_Your objective:_ If a line in the records contains the string "linearGradient", show that line.

(Saved data entries)

------------------------------------------------

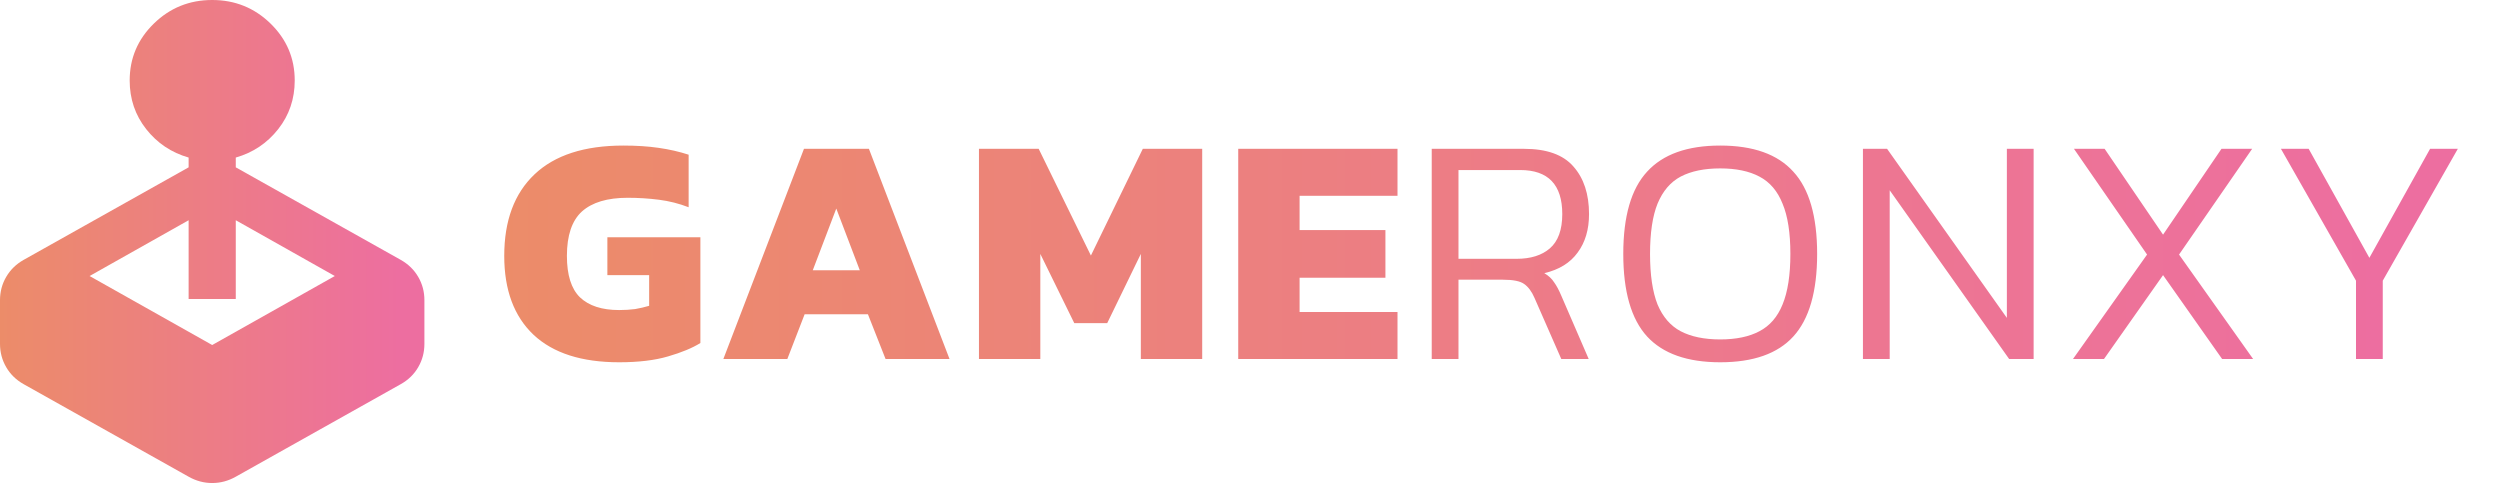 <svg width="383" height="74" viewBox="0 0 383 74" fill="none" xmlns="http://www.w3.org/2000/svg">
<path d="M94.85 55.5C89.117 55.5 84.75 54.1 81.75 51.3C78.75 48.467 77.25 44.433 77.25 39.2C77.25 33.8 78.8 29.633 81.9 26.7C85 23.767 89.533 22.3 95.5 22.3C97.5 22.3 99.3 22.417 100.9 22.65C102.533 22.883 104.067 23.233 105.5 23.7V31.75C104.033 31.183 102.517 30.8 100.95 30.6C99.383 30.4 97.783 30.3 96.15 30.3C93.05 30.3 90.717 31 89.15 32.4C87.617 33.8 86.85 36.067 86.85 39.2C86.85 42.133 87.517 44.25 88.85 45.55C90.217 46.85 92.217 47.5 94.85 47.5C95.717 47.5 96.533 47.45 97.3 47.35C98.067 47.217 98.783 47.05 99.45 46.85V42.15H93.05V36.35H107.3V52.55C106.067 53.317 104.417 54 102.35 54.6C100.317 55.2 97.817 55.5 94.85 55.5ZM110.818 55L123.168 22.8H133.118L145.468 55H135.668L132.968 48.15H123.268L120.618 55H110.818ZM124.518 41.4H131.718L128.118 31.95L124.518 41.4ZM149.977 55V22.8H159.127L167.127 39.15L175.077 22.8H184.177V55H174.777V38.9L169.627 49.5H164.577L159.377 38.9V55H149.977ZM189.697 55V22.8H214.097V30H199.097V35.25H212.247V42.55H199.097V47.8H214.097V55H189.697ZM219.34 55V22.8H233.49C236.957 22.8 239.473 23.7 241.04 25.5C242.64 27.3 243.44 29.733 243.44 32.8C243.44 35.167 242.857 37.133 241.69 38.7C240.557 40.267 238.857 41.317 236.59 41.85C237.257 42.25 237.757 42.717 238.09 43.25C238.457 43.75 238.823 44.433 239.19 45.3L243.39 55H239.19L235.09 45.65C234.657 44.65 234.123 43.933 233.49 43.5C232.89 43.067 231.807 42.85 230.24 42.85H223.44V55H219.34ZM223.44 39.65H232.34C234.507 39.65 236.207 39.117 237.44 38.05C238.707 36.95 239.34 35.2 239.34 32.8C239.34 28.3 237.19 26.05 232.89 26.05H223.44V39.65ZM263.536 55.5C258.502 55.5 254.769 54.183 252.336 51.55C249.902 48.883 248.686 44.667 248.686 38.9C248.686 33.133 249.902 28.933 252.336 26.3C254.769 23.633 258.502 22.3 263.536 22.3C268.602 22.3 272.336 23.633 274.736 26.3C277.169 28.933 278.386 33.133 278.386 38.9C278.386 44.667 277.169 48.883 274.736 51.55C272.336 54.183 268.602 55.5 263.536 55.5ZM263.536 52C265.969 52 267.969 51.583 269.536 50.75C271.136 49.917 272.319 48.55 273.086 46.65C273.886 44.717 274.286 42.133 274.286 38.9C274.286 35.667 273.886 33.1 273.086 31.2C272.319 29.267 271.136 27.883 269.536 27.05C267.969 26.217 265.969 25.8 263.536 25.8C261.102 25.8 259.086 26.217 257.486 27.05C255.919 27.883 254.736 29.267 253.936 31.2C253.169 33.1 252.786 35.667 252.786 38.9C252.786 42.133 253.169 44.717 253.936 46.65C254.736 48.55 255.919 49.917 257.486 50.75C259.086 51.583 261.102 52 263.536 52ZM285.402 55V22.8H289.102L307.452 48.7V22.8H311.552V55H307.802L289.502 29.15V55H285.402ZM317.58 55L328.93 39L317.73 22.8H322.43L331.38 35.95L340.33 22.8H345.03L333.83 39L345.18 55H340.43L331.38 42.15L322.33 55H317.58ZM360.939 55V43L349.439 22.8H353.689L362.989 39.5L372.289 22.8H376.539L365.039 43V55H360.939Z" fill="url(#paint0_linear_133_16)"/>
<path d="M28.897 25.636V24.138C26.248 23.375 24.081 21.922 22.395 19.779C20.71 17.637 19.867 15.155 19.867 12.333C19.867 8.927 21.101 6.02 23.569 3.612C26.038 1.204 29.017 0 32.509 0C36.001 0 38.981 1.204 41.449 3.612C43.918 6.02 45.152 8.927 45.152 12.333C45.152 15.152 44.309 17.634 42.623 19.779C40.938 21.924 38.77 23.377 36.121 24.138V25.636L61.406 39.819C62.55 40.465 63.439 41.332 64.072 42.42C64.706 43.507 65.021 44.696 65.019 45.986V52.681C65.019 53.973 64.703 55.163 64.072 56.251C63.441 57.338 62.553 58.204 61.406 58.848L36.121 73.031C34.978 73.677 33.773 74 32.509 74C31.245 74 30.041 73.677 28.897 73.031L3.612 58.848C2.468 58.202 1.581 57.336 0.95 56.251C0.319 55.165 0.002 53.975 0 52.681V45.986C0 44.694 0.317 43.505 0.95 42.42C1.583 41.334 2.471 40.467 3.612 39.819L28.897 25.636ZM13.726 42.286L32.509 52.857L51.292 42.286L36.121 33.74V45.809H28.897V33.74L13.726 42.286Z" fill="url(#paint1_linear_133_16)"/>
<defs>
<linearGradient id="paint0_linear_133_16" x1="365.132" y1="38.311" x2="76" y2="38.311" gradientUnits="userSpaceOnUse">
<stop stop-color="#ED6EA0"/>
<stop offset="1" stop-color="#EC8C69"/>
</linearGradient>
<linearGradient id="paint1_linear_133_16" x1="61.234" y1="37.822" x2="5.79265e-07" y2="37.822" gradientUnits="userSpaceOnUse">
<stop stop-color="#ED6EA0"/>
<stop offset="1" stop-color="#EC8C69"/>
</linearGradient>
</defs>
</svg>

------------------------------------------------

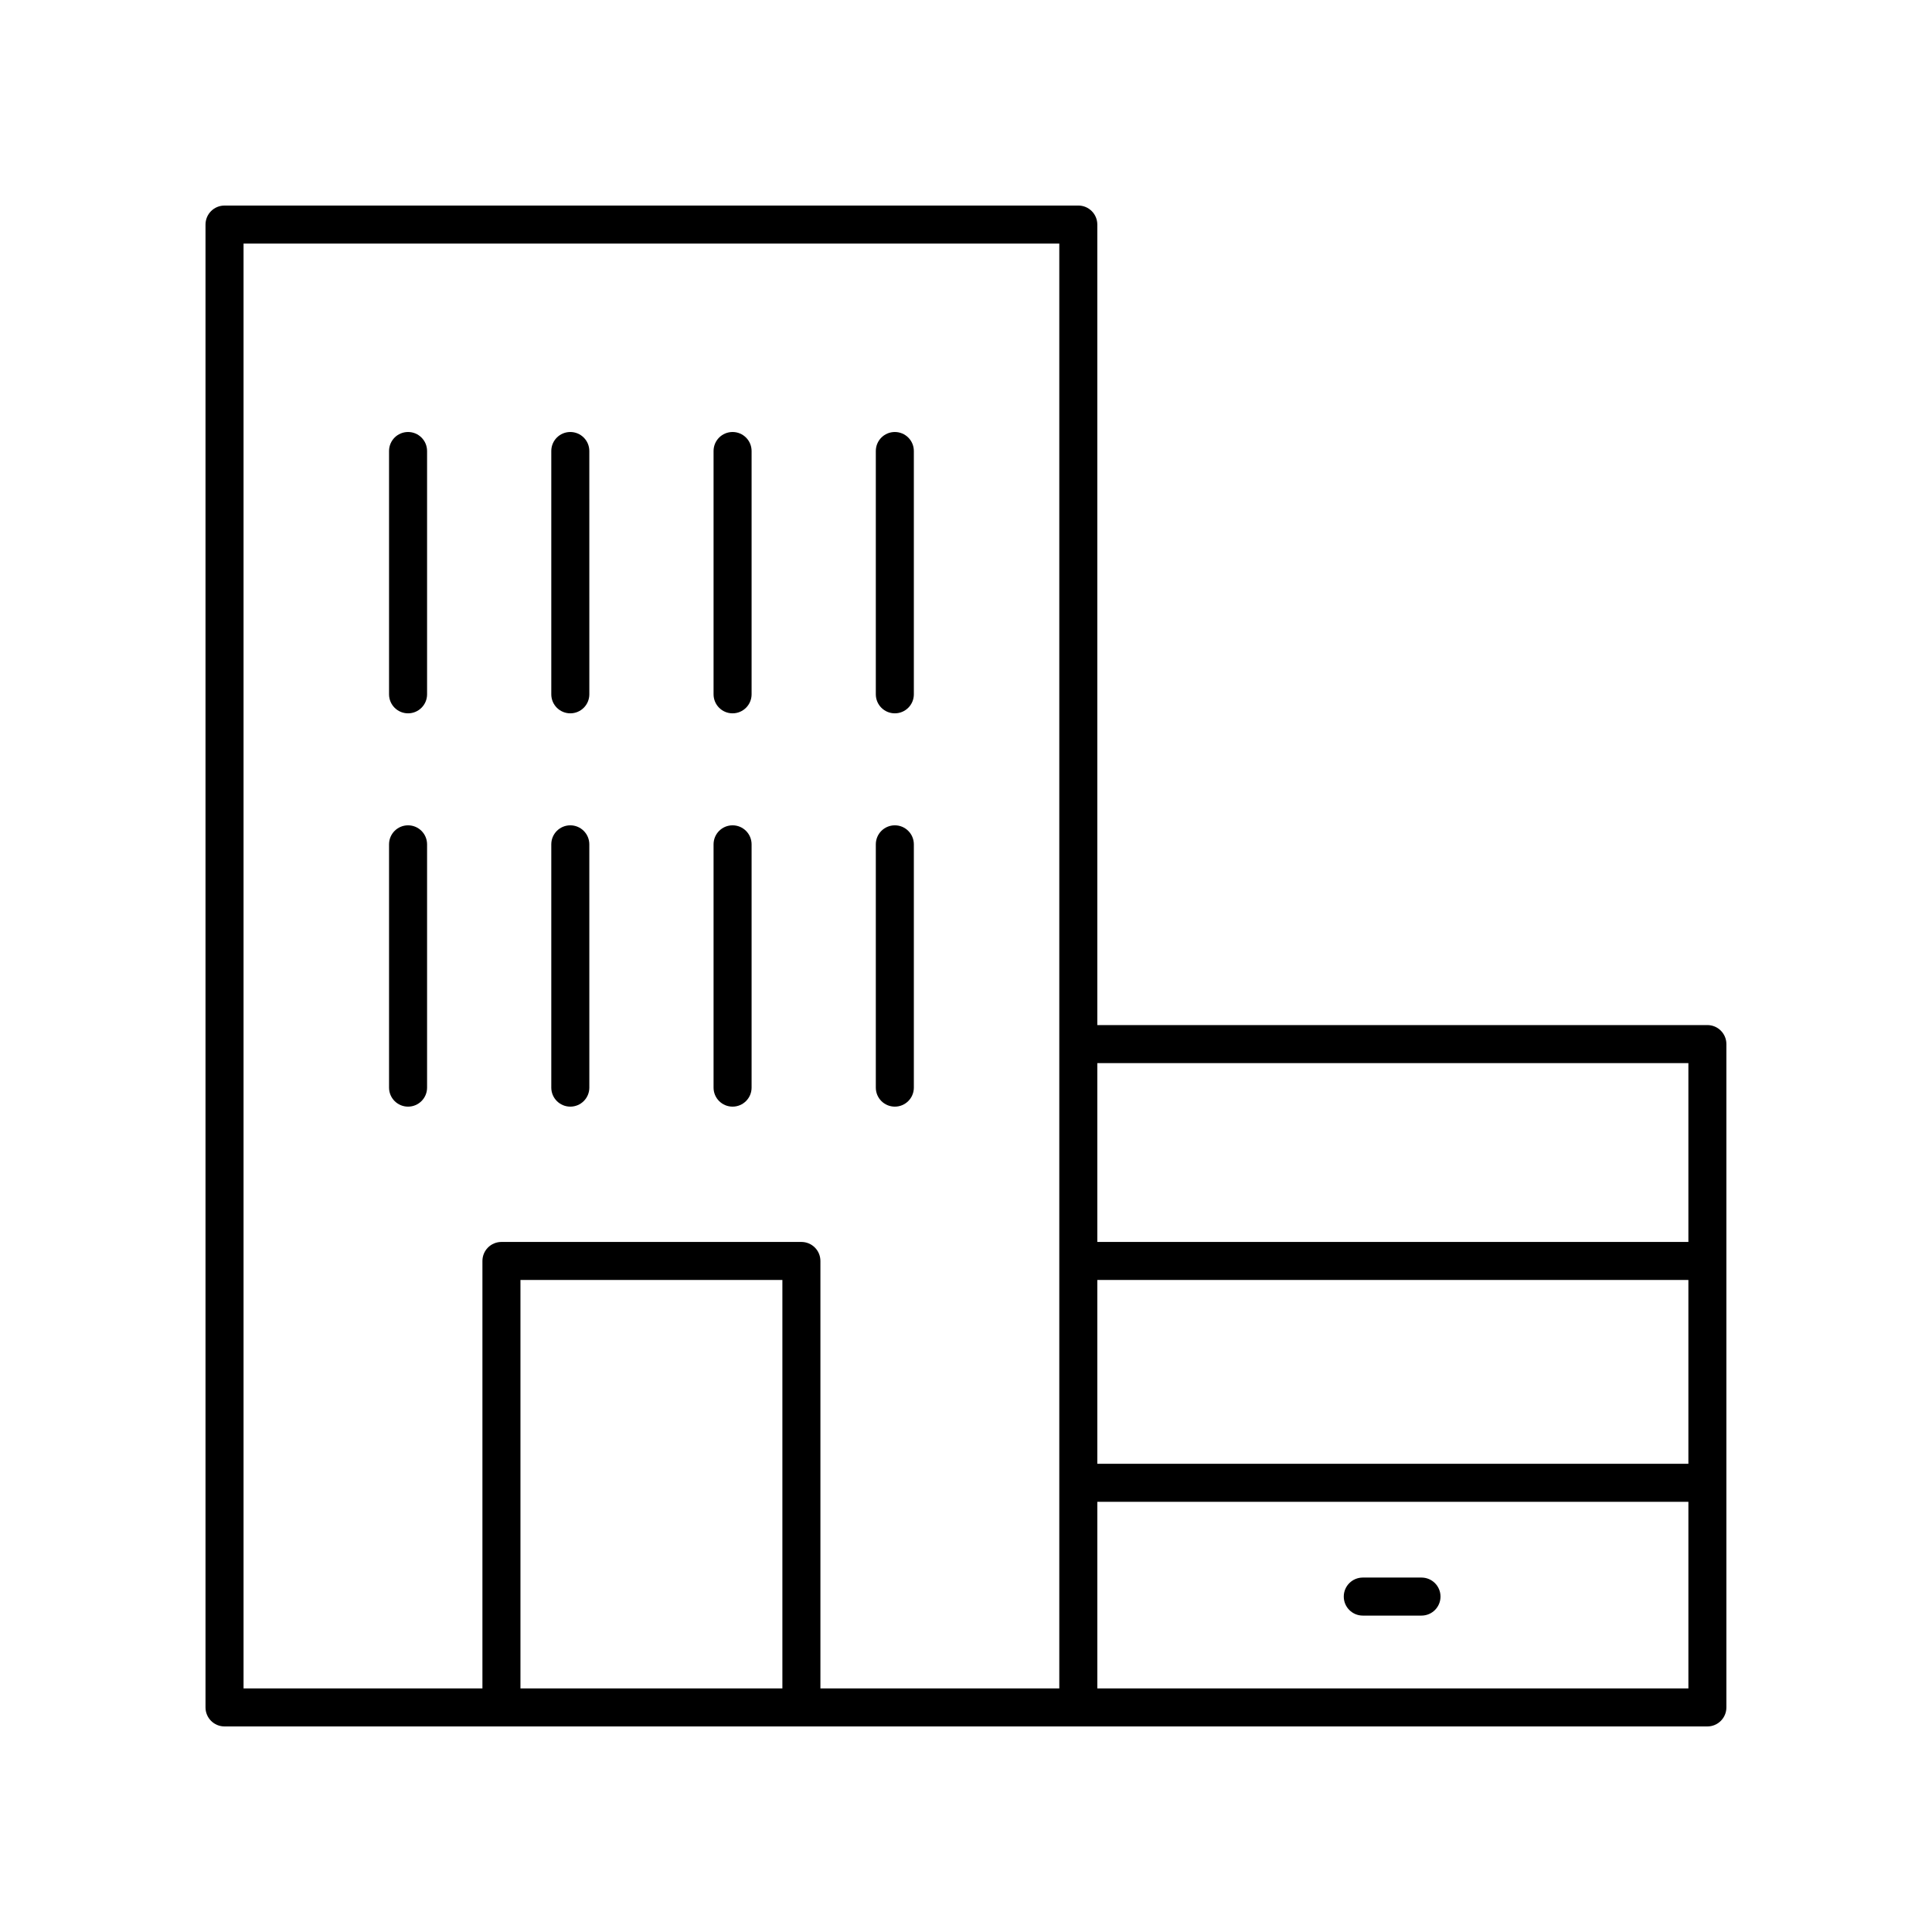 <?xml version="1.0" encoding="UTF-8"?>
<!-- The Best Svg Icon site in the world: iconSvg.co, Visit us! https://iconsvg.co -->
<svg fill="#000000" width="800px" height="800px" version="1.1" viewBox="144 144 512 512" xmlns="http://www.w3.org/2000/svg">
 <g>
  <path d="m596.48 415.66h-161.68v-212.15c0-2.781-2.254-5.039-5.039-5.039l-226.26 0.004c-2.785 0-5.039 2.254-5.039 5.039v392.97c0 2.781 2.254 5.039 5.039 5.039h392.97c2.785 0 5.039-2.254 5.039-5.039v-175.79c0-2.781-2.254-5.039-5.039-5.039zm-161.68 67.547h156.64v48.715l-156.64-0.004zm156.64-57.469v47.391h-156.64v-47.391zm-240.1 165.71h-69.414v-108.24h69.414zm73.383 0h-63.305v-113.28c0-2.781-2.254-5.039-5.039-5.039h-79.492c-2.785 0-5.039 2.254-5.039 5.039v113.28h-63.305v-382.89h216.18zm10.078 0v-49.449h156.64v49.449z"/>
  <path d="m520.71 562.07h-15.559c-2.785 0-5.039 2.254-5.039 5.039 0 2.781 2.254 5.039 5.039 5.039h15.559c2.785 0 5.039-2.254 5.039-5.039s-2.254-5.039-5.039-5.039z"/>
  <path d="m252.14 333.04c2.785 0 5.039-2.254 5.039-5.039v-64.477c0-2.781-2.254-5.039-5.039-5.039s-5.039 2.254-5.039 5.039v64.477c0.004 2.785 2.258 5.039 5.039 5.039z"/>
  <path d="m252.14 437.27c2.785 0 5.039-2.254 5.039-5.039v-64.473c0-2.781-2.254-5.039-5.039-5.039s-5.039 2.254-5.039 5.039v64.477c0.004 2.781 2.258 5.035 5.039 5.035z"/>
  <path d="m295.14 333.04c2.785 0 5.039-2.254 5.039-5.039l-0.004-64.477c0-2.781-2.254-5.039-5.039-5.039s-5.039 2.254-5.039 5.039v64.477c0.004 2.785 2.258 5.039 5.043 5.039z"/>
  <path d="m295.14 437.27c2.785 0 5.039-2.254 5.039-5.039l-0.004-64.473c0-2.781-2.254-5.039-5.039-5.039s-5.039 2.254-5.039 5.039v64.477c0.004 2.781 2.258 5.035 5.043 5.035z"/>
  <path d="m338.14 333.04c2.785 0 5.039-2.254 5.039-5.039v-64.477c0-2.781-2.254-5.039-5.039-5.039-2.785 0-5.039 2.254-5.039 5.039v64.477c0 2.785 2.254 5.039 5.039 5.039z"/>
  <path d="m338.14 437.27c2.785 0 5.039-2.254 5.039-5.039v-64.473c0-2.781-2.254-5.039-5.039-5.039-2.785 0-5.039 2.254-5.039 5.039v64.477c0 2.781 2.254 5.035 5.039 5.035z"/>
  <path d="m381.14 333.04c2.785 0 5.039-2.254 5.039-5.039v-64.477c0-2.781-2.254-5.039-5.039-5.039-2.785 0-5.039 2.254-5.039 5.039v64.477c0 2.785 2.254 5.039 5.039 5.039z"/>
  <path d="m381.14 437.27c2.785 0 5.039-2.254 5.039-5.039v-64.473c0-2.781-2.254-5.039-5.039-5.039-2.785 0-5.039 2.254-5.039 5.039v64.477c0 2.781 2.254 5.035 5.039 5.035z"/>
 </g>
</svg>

------------------------------------------------

_Result of the exercise:_
<linearGradient id="paint0_linear_133_16" x1="365.132" y1="38.311" x2="76" y2="38.311" gradientUnits="userSpaceOnUse">
</linearGradient>
<linearGradient id="paint1_linear_133_16" x1="61.234" y1="37.822" x2="5.79265e-07" y2="37.822" gradientUnits="userSpaceOnUse">
</linearGradient>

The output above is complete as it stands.